··· Working data

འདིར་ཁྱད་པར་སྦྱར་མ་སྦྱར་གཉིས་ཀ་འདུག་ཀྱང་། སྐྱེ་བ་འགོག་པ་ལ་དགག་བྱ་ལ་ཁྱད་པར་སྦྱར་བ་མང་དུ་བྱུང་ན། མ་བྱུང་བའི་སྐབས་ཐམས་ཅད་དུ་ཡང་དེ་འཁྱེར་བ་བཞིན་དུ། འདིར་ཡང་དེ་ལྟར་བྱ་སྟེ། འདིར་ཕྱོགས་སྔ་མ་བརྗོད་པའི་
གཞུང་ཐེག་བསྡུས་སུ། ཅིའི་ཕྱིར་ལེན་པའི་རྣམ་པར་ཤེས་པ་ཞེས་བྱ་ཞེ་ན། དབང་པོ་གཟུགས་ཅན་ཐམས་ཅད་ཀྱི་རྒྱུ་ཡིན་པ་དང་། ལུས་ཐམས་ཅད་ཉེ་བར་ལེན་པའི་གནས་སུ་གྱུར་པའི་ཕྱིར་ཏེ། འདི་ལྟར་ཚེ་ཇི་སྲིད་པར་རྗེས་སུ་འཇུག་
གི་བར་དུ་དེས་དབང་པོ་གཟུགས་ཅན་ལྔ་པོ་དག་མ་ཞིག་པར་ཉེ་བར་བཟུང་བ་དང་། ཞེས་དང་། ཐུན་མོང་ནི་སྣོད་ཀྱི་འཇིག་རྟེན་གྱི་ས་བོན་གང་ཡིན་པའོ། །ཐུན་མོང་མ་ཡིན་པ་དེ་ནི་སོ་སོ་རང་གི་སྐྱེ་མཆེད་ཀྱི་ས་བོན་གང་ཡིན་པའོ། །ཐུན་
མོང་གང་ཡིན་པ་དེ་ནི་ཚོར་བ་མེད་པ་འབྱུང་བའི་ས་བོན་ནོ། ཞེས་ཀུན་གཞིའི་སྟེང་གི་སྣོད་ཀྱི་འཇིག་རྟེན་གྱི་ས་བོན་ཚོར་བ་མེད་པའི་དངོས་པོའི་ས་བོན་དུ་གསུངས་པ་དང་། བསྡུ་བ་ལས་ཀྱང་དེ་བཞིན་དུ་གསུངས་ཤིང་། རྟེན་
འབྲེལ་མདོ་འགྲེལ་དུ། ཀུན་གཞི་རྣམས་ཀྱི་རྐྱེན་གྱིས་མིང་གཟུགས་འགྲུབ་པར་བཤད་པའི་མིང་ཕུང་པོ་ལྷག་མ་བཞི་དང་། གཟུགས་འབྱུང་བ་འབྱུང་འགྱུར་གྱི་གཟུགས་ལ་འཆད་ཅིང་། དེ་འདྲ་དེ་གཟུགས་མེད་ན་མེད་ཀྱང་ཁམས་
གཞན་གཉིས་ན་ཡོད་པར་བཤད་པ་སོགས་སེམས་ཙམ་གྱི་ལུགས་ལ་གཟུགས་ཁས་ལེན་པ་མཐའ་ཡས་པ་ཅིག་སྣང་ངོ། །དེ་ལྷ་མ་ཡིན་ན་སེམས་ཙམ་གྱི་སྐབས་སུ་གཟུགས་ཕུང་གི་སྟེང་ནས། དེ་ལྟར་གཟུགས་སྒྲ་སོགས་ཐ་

······

## Assignment
A complete, exact copy of the material above is the expected answer.

## Finished task
འདིར་ཁྱད་པར་སྦྱར་མ་སྦྱར་གཉིས་ཀ་འདུག་ཀྱང་། སྐྱེ་བ་འགོག་པ་ལ་དགག་བྱ་ལ་ཁྱད་པར་སྦྱར་བ་མང་དུ་བྱུང་ན། མ་བྱུང་བའི་སྐབས་ཐམས་ཅད་དུ་ཡང་དེ་འཁྱེར་བ་བཞིན་དུ། འདིར་ཡང་དེ་ལྟར་བྱ་སྟེ། འདིར་ཕྱོགས་སྔ་མ་བརྗོད་པའི་
གཞུང་ཐེག་བསྡུས་སུ། ཅིའི་ཕྱིར་ལེན་པའི་རྣམ་པར་ཤེས་པ་ཞེས་བྱ་ཞེ་ན། དབང་པོ་གཟུགས་ཅན་ཐམས་ཅད་ཀྱི་རྒྱུ་ཡིན་པ་དང་། ལུས་ཐམས་ཅད་ཉེ་བར་ལེན་པའི་གནས་སུ་གྱུར་པའི་ཕྱིར་ཏེ། འདི་ལྟར་ཚེ་ཇི་སྲིད་པར་རྗེས་སུ་འཇུག་
གི་བར་དུ་དེས་དབང་པོ་གཟུགས་ཅན་ལྔ་པོ་དག་མ་ཞིག་པར་ཉེ་བར་བཟུང་བ་དང་། ཞེས་དང་། ཐུན་མོང་ནི་སྣོད་ཀྱི་འཇིག་རྟེན་གྱི་ས་བོན་གང་ཡིན་པའོ། །ཐུན་མོང་མ་ཡིན་པ་དེ་ནི་སོ་སོ་རང་གི་སྐྱེ་མཆེད་ཀྱི་ས་བོན་གང་ཡིན་པའོ། །ཐུན་
མོང་གང་ཡིན་པ་དེ་ནི་ཚོར་བ་མེད་པ་འབྱུང་བའི་ས་བོན་ནོ། ཞེས་ཀུན་གཞིའི་སྟེང་གི་སྣོད་ཀྱི་འཇིག་རྟེན་གྱི་ས་བོན་ཚོར་བ་མེད་པའི་དངོས་པོའི་ས་བོན་དུ་གསུངས་པ་དང་། བསྡུ་བ་ལས་ཀྱང་དེ་བཞིན་དུ་གསུངས་ཤིང་། རྟེན་
འབྲེལ་མདོ་འགྲེལ་དུ། ཀུན་གཞི་རྣམས་ཀྱི་རྐྱེན་གྱིས་མིང་གཟུགས་འགྲུབ་པར་བཤད་པའི་མིང་ཕུང་པོ་ལྷག་མ་བཞི་དང་། གཟུགས་འབྱུང་བ་འབྱུང་འགྱུར་གྱི་གཟུགས་ལ་འཆད་ཅིང་། དེ་འདྲ་དེ་གཟུགས་མེད་ན་མེད་ཀྱང་ཁམས་
གཞན་གཉིས་ན་ཡོད་པར་བཤད་པ་སོགས་སེམས་ཙམ་གྱི་ལུགས་ལ་གཟུགས་ཁས་ལེན་པ་མཐའ་ཡས་པ་ཅིག་སྣང་ངོ། །དེ་ལྷ་མ་ཡིན་ན་སེམས་ཙམ་གྱི་སྐབས་སུ་གཟུགས་ཕུང་གི་སྟེང་ནས། དེ་ལྟར་གཟུགས་སྒྲ་སོགས་ཐ་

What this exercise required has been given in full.